Наконец караван остановился. Постанывая, Фёдор слез с тряской повозки на землю и рухнул на влажную траву. В левом плече неотвязно пульсировала тяжкая боль, молниями разливаясь по руке. Казак знал, что мука скоро прекратится, надо лишь тихо лежать пережидая. Над ним на фоне темнеющего неба колебались причудливо изрезанные листья дуба. Кузя, грохоча кандалами, возился с костерком. Солдат то ли шмыгал носом, то ли всхлипывал.
«Простыл, бедолага, — медленно размышлял Фёдор, — истомился в плену. И опять все те же кандалы».
Невдалеке слышались обычные звуки лагеря и чужая гортанная речь. За пленниками никто не наблюдал.

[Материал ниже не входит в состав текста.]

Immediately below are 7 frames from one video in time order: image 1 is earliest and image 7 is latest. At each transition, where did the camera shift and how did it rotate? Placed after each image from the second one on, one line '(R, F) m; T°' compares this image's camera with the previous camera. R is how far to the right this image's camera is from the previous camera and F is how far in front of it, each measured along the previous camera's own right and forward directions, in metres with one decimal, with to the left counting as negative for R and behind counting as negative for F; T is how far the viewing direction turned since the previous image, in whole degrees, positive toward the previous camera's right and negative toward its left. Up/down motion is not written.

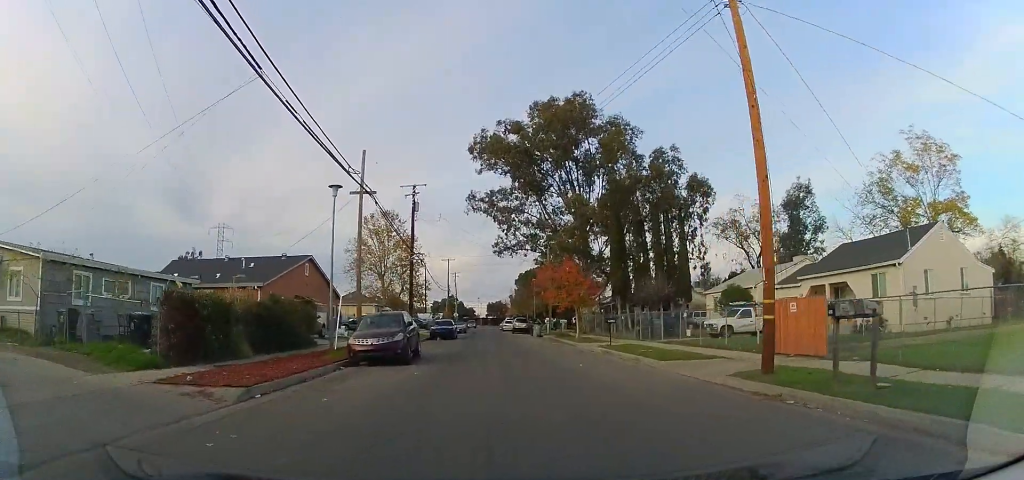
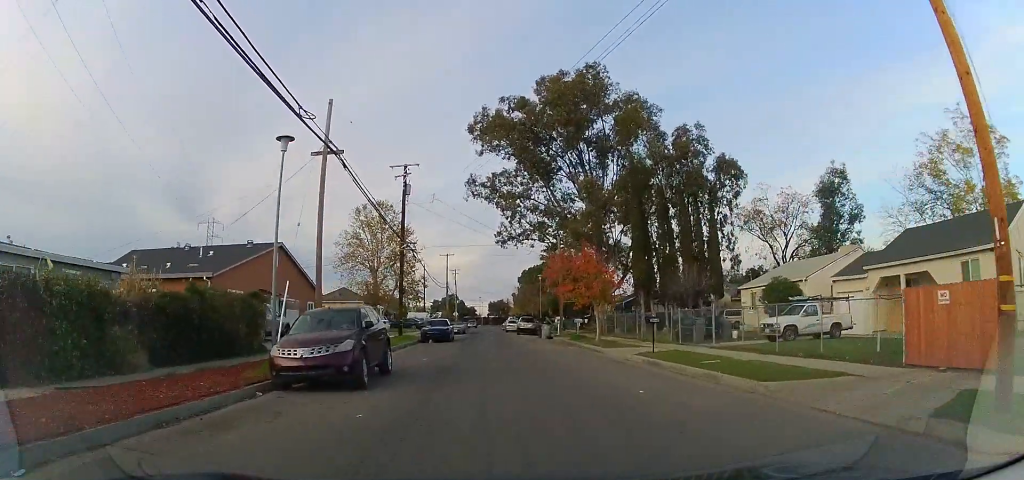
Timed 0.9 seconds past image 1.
(0.0, +6.2) m; +1°
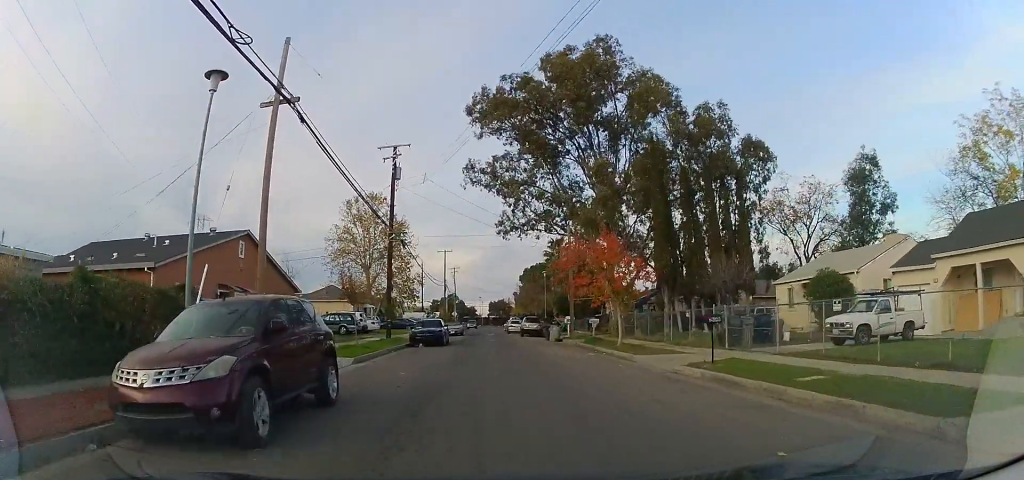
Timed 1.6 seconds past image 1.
(0.0, +5.0) m; +2°
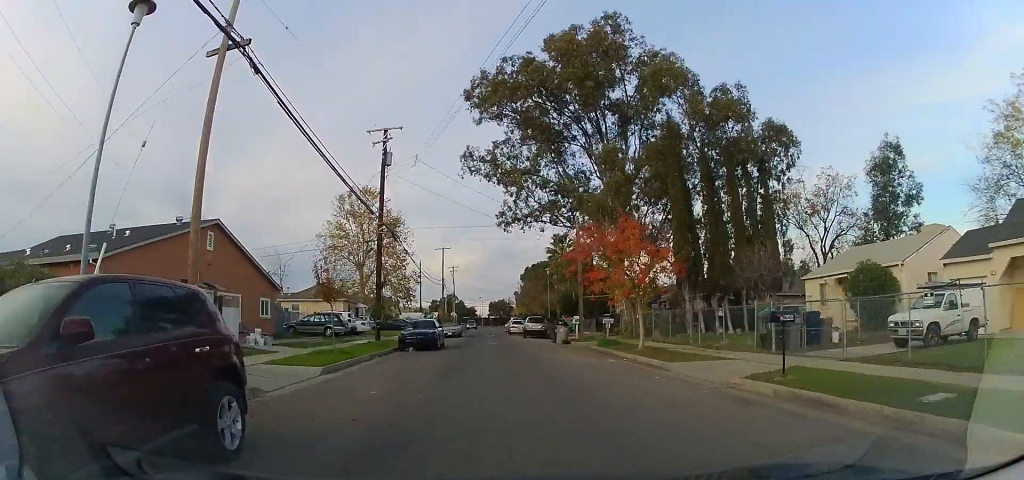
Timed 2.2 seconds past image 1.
(+0.2, +3.6) m; 0°
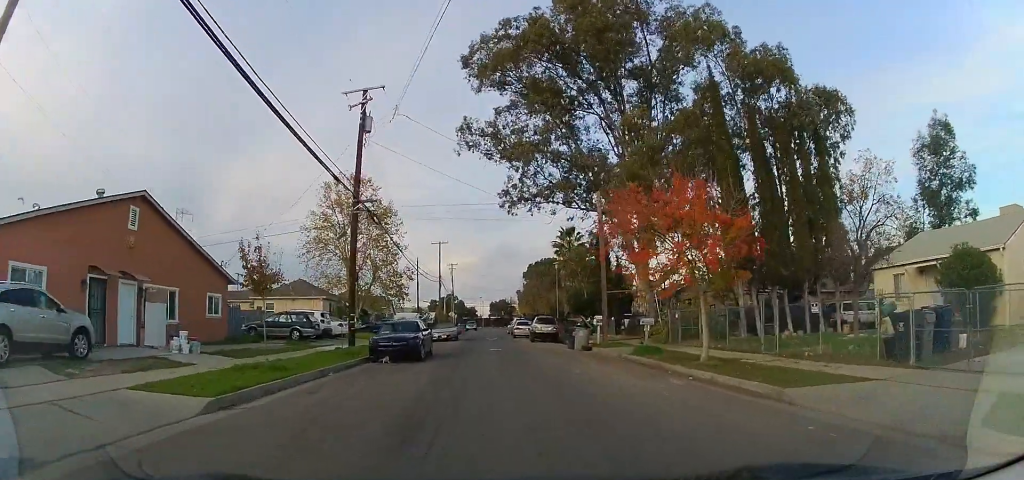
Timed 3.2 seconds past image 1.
(-0.1, +6.4) m; -2°
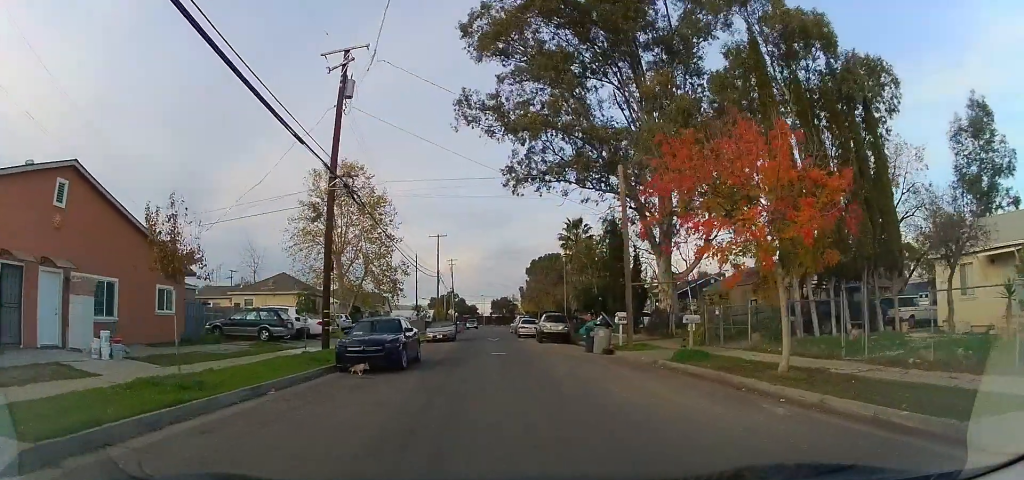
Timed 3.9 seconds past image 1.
(-0.1, +4.5) m; -1°
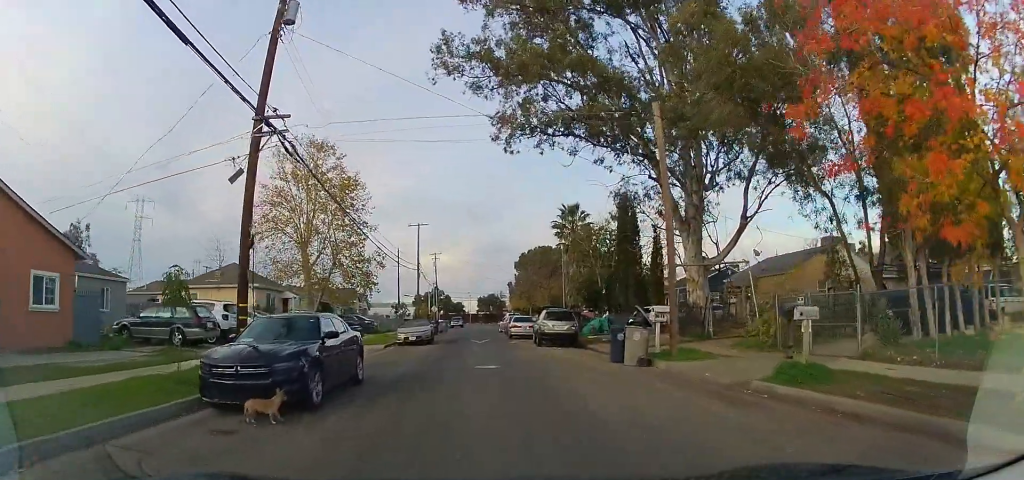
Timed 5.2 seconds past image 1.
(0.0, +7.4) m; 0°

Да и куда им было деваться ночью, в лесу? За богатым караваном Цици-торгаша следовали не только шакальи стаи. Фёдор разобрал разговоры об отрядах лезгинцев, которые снова появились в этих местах.
«Наверное, мы недалеко ушли от Хан-Калы, — думал казак. — Бежать, надо скорее бежать!»
— Ты не шевелися, братишка, — солдат словно угадывал его мысли. — От судьбы, ить, не спасёсся. Ты знай себе терпи да выздоравливай.
— Не волнуйся, Кузьма. На мне всё само заживает, как на собаке. Ох, не хочу я в Анапу! Всё равно сбегу!
Кузьма сильно исхудал и будто бы даже постарел. Ссохся как-то. Смртрел исподлобья, затравленно, разговаривал неохотно. Фёдору хотелось расспросить товарища, но рана не давала покоя. Тяжко было не только говорить, но и слушать. А солдатик всё больше помалкивал, чувствуя настроение товарища. Иногда Фёдор примечал предательскую влагу в глазах и на щеках его. Тягостна жизнь в плену, ой тягостна!
В первые два перехода товарищи почти не разговаривали друг с другом. Фёдор старался не шевелиться, избегая мучительной боли в левом плече. Кузьма сам правил повозкой. Ручные кандалы с него сняли, зато на шею надели стальной ошейник, прикреплённый к длинной цепи. Конец цепи держал суровый и молчаливый всадник, украшенный островерхим шлемом и окладистой курчавой бородой, покоившейся на чеканном нагруднике. Их страж восседал на рослом рыжей масти белогривом жеребце, с огромным мечом у седла. Время от времени их страж затягивал заунывно-печальную песню, похожую на завывание зимнего ветра в вершинах замерзших деревьев. Ни днём ни ночью не снимал он боевого доспеха и, казалось, совсем не испытывал потребности во сне. К концу второго дня перехода Фёдор сообразил, что их страж не понимает слов русского языка.